Catholic vs. Public Education

November 27, 2020

Both Catholic schools and public schools seek to educate students and prepare them for their academic and professional careers. There are several main differences between public and Catholic schools.

1. Faith-based education

Catholic schools provide a faith-based education to students. This does not mean that all students must be Catholic to attend Catholic school—all faiths and creeds are welcome. In fact, in Western Washington, 30% of enrolled students are not Catholic. However, all students enrolled in Catholic school participate in Catholic religion classes and attend Catholic Mass as part of their educational experience. Catholic schools believe that including this faith-based element in academic life produces more mindful students who gain a foundational understanding of living in service to others.

2. Service

Service is an integral part of Catholic school culture. Students of all age levels are asked to complete service projects, from canned food and clothing drives to site visits at nursing homes and shelters. Catholic schools believe that service projects instill important qualities in students—including social responsibility, leadership, and compassion. Service is a large part of the Catholic identity and plays an important role in all Catholic schools from grade school through college.

3. Academics

Statistics show that Catholic schools excel in the academic arena. Data from the National Center for Educational Statistics published in 2021 found that Catholic grade school students outperformed public school students in math, science, and reading.

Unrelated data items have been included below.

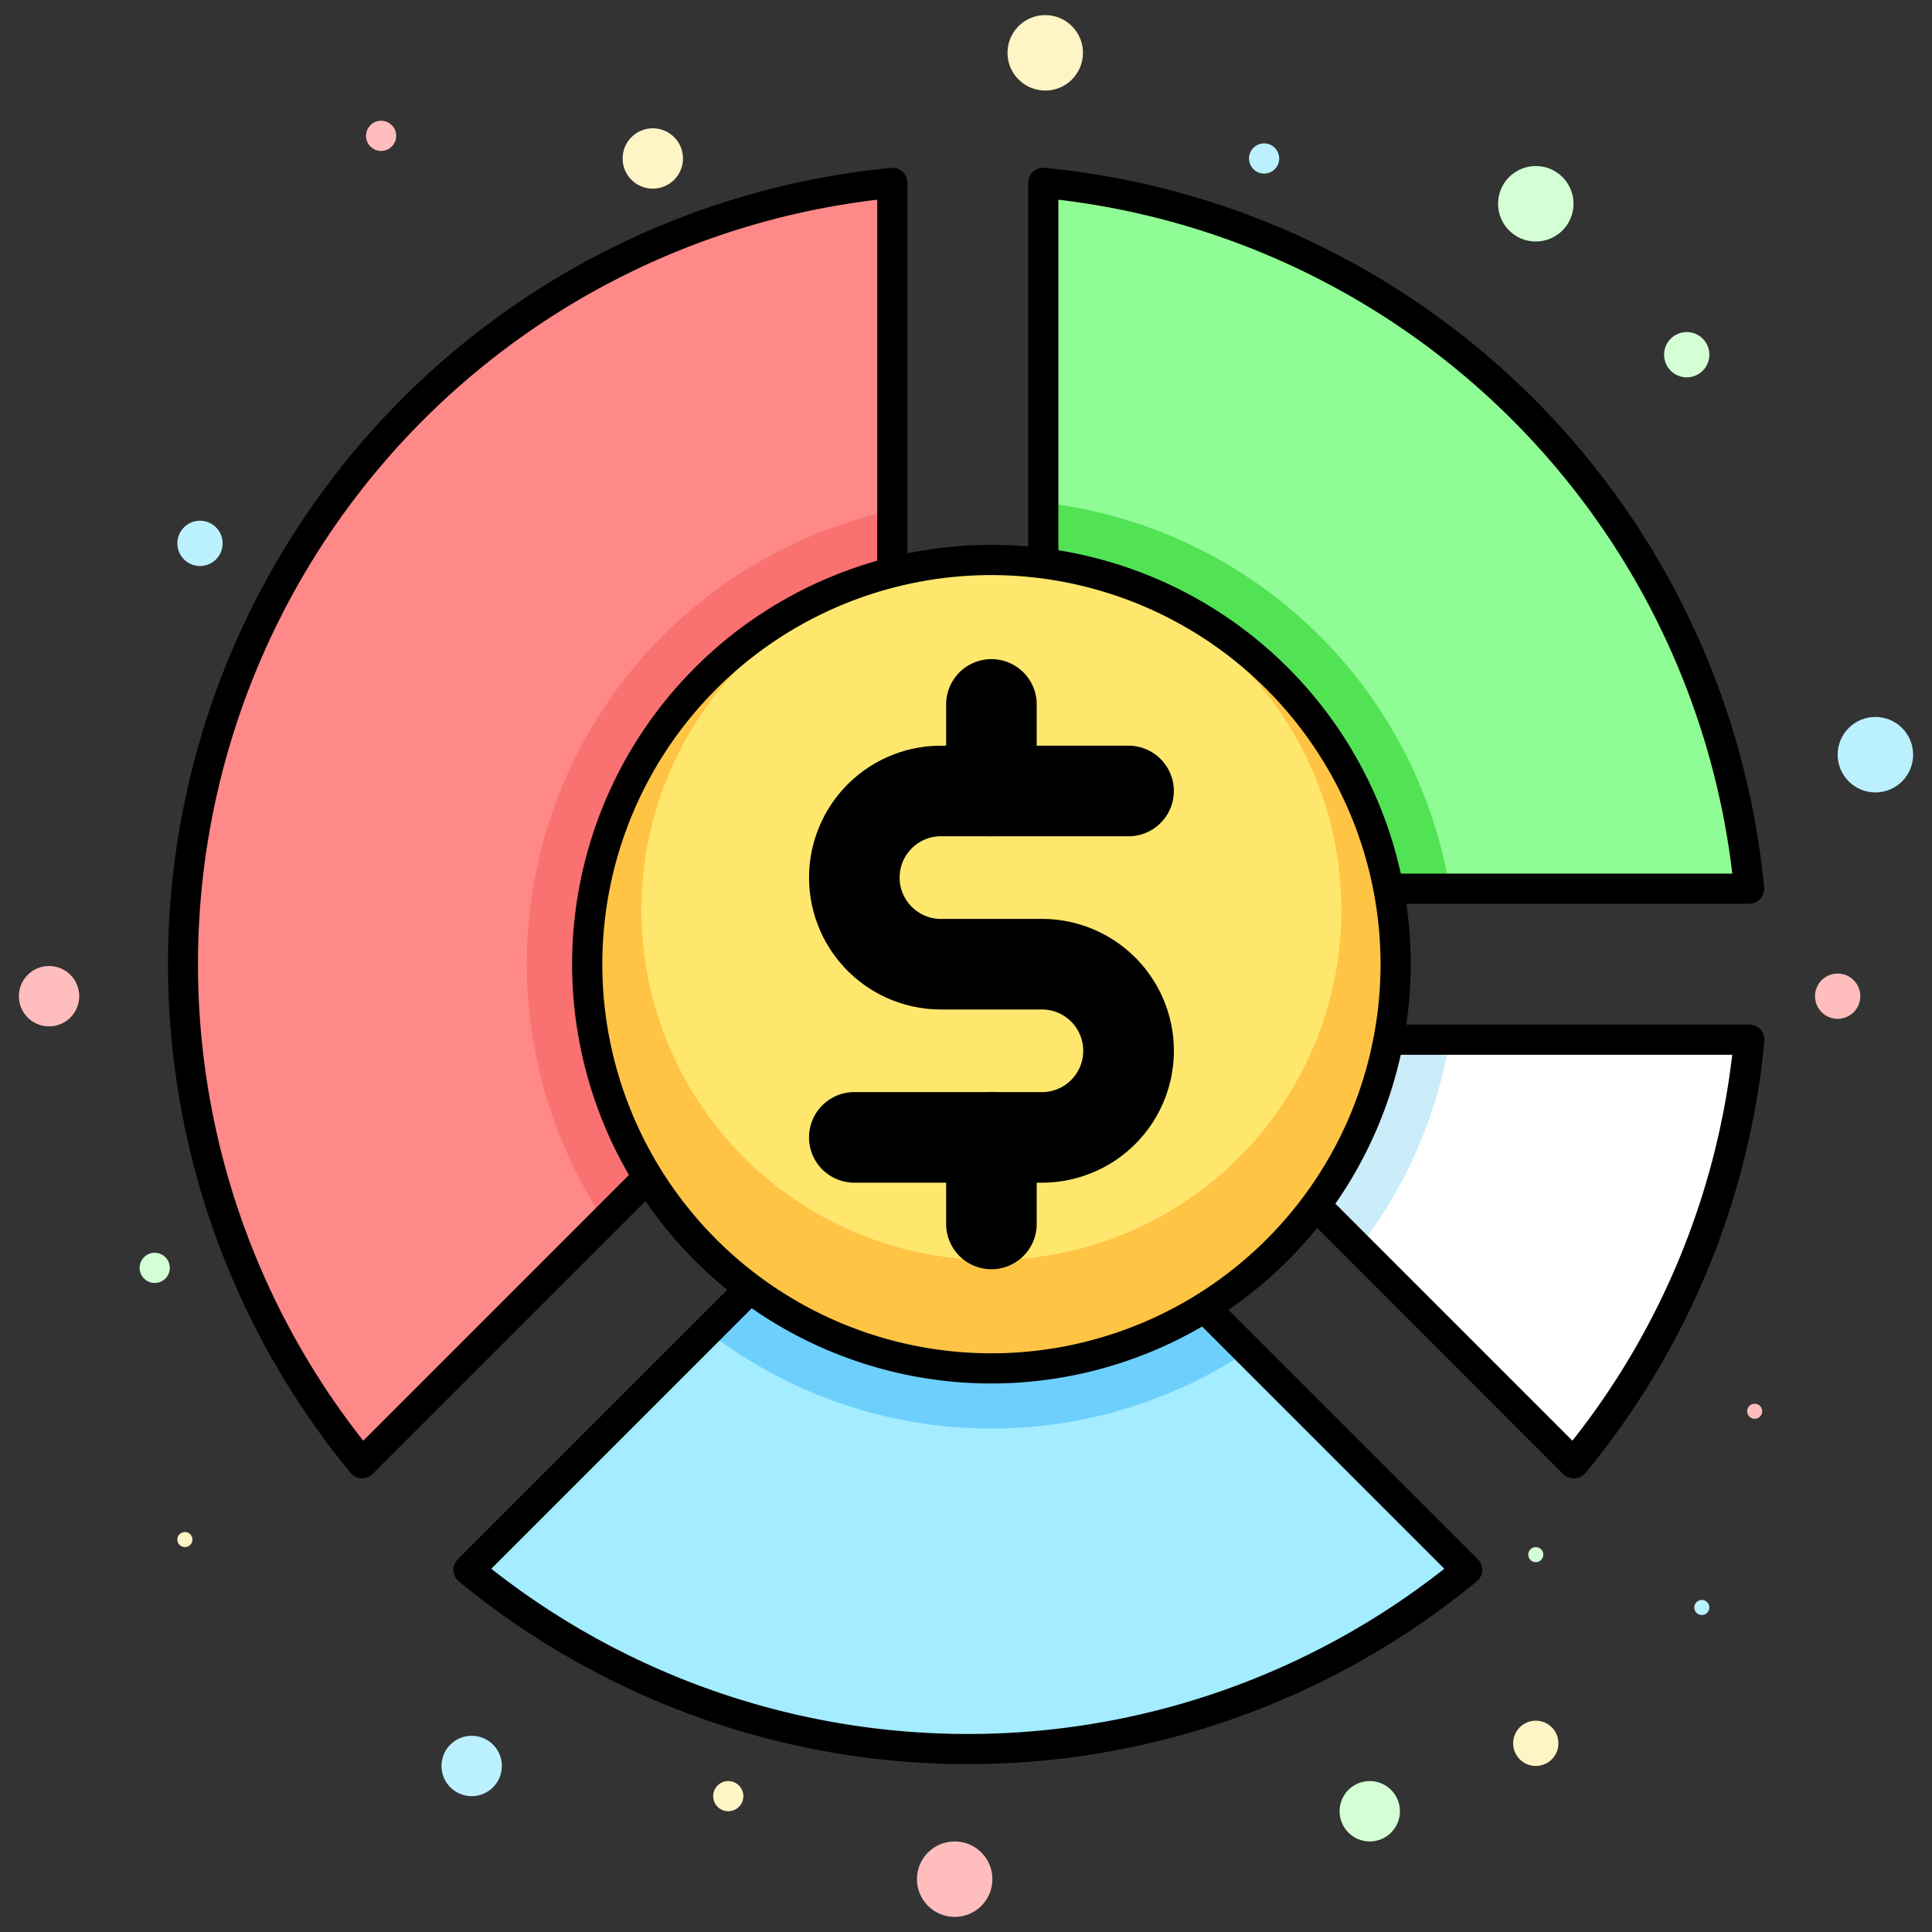 <!DOCTYPE svg PUBLIC "-//W3C//DTD SVG 1.1//EN" "http://www.w3.org/Graphics/SVG/1.1/DTD/svg11.dtd">
<!-- Uploaded to: SVG Repo, www.svgrepo.com, Transformed by: SVG Repo Mixer Tools -->
<svg width="800px" height="800px" viewBox="0 0 256 256" xmlns="http://www.w3.org/2000/svg" fill="#000000">
<rect x="0" y="0" width="256" height="256" fill="#333333" stroke="none"/>
<g id="SVGRepo_bgCarrier" stroke-width="0"/>
<g id="SVGRepo_tracerCarrier" stroke-linecap="round" stroke-linejoin="round"/>
<g id="SVGRepo_iconCarrier"> <defs> <style>.cls-1{fill:#f88;}.cls-2{fill:#f97171;}.cls-3{fill:#000000;}.cls-4{fill:#90fc95;}.cls-5{fill:#52e355;}.cls-6{fill:#a4ecff;}.cls-7{fill:#6dd0fc;}.cls-8{fill:#ffffff;}.cls-9{fill:#cbecf9;}.cls-10{fill:#ffc444;}.cls-11{fill:#ffe76e;}.cls-12{fill:#d4ffd4;}.cls-13{fill:#ffbdbd;}.cls-14{fill:#bbf1ff;}.cls-15{fill:#fff4c5;}</style> </defs> <title>business economic finance interprise company pie chart</title> <g id="Layer_2" data-name="Layer 2"> <path class="cls-1" d="M118.24,24.24A104,104,0,0,0,48,193.89l70.27-70.27Z"/> <path class="cls-2" d="M118.24,67.63a61.51,61.51,0,0,0-38.15,94.14l38.15-38.15Z"/> <path class="cls-3" d="M48,195.89h-.1a2,2,0,0,1-1.45-.73A106,106,0,0,1,118.05,22.25a2,2,0,0,1,2.19,2v99.38a2,2,0,0,1-.59,1.41L49.38,195.3A2,2,0,0,1,48,195.89ZM116.24,26.46A102,102,0,0,0,48.13,190.9l68.11-68.11Z"/> <path class="cls-4" d="M231.76,117.76a104,104,0,0,0-93.52-93.52v93.52Z"/> <path class="cls-5" d="M192.11,117.76a61.68,61.68,0,0,0-53.87-51.16v51.16Z"/> <path class="cls-3" d="M231.76,119.76H138.24a2,2,0,0,1-2-2V24.24a2,2,0,0,1,2.19-2,106,106,0,0,1,95.32,95.32,2,2,0,0,1-2,2.19Zm-91.52-4h89.3a102,102,0,0,0-89.3-89.3Z"/> <path class="cls-6" d="M62.11,208a104,104,0,0,0,132.26,0L128.24,141.9Z"/> <path class="cls-7" d="M93.73,176.41A61.38,61.38,0,0,0,165.38,179L128.24,141.9Z"/> <path class="cls-3" d="M128.24,233.76a106.16,106.16,0,0,1-67.4-24.19,2,2,0,0,1-.14-3l66.13-66.13a2,2,0,0,1,2.83,0l66.13,66.13a2,2,0,0,1-.14,3A106.16,106.16,0,0,1,128.24,233.76ZM65.1,207.87a102,102,0,0,0,126.28,0l-63.14-63.14Z"/> <path class="cls-8" d="M208.51,193.89a103.52,103.52,0,0,0,23.25-56.13H152.38Z"/> <path class="cls-9" d="M152.38,137.76,180,165.4a61.27,61.27,0,0,0,12.08-27.64Z"/> <path class="cls-3" d="M208.51,195.89a2,2,0,0,1-1.41-.59L151,139.17a2,2,0,0,1,1.41-3.41h79.38a2,2,0,0,1,2,2.19,105.32,105.32,0,0,1-23.7,57.21,2,2,0,0,1-1.45.73Zm-51.3-56.13,51.14,51.14a101.29,101.29,0,0,0,21.18-51.14Z"/> <circle class="cls-10" cx="131.37" cy="127.76" r="53.56"/> <circle class="cls-11" cx="131.37" cy="120.58" r="46.38"/> <path class="cls-3" d="M131.37,183.32a55.56,55.56,0,1,1,55.56-55.56A55.62,55.62,0,0,1,131.37,183.32Zm0-107.12a51.56,51.56,0,1,0,51.56,51.56A51.62,51.62,0,0,0,131.37,76.2Z"/> <path class="cls-3" d="M138.07,156.71H113.2a6,6,0,1,1,0-12h24.86a5.47,5.47,0,1,0,0-10.95H124.68a17.47,17.47,0,1,1,0-34.95h24.86a6,6,0,0,1,0,12H124.68a5.47,5.47,0,1,0,0,10.95h13.39a17.47,17.47,0,1,1,0,34.95Z"/> <path class="cls-3" d="M131.37,110.81a6,6,0,0,1-6-6V93.34a6,6,0,1,1,12,0v11.47A6,6,0,0,1,131.37,110.81Z"/> <path class="cls-3" d="M131.37,168.18a6,6,0,0,1-6-6V150.71a6,6,0,0,1,12,0v11.47A6,6,0,0,1,131.37,168.18Z"/> <circle class="cls-12" cx="203.5" cy="27" r="5"/> <circle class="cls-12" cx="181.5" cy="240" r="4"/> <circle class="cls-12" cx="223.5" cy="47" r="3"/> <circle class="cls-12" cx="20.5" cy="168" r="2"/> <circle class="cls-12" cx="203.5" cy="206" r="1"/> <circle class="cls-13" cx="126.5" cy="249" r="5"/> <circle class="cls-13" cx="6.5" cy="132" r="4"/> <circle class="cls-13" cx="243.5" cy="132" r="3"/> <circle class="cls-13" cx="50.5" cy="18" r="2"/> <circle class="cls-13" cx="232.5" cy="187" r="1"/> <circle class="cls-14" cx="248.5" cy="100" r="5"/> <circle class="cls-14" cx="62.5" cy="234" r="4"/> <circle class="cls-14" cx="26.5" cy="72" r="3"/> <circle class="cls-14" cx="167.5" cy="21" r="2"/> <circle class="cls-14" cx="225.5" cy="213" r="1"/> <circle class="cls-15" cx="138.5" cy="7" r="5"/> <circle class="cls-15" cx="86.5" cy="21" r="4"/> <circle class="cls-15" cx="203.5" cy="231" r="3"/> <circle class="cls-15" cx="96.5" cy="238" r="2"/> <circle class="cls-15" cx="24.5" cy="204" r="1"/> </g> </g>
</svg>

Catholic schools immerse students in rigorous academics from a young age, preparing them for high school and beyond. Nationwide, Catholic schools boast a 99% high school graduation rate, with 85% of high school graduates continuing on to four-year college after graduation.

4. Community

Catholic schools engender a strong sense of community. Many schools require parents to fulfill a certain number of service hours at school throughout the school year, keeping them involved in their child’s education. This also helps build a sense of community between the families, the school, and the students. Parents create relationships with the teachers and with each other, meaning there is always someone to provide help and encouragement if needed. Students and families alike thrive in this environment—it’s one of the big reasons families choose Catholic schools in the first place!

5. Tuition and admissions

Like all private schools, Catholic schools charge tuition to enrolled students. However, Catholic schools tend to have the lowest tuition rates among private schools. In 2021, the average tuition rate for private elementary schools was $7,630. For Catholic schools, the average tuition rate was only $4,840.

Furthermore, Catholic schools understand that not every family can afford to pay the full tuition rate. Tuition assistance programs offered by the schools or through nonprofits like the Fulcrum Foundation help families afford the cost of tuition. Fulcrum’s Tuition Assistance Program (TAP) serves families across Western Washington in 72 Catholic schools.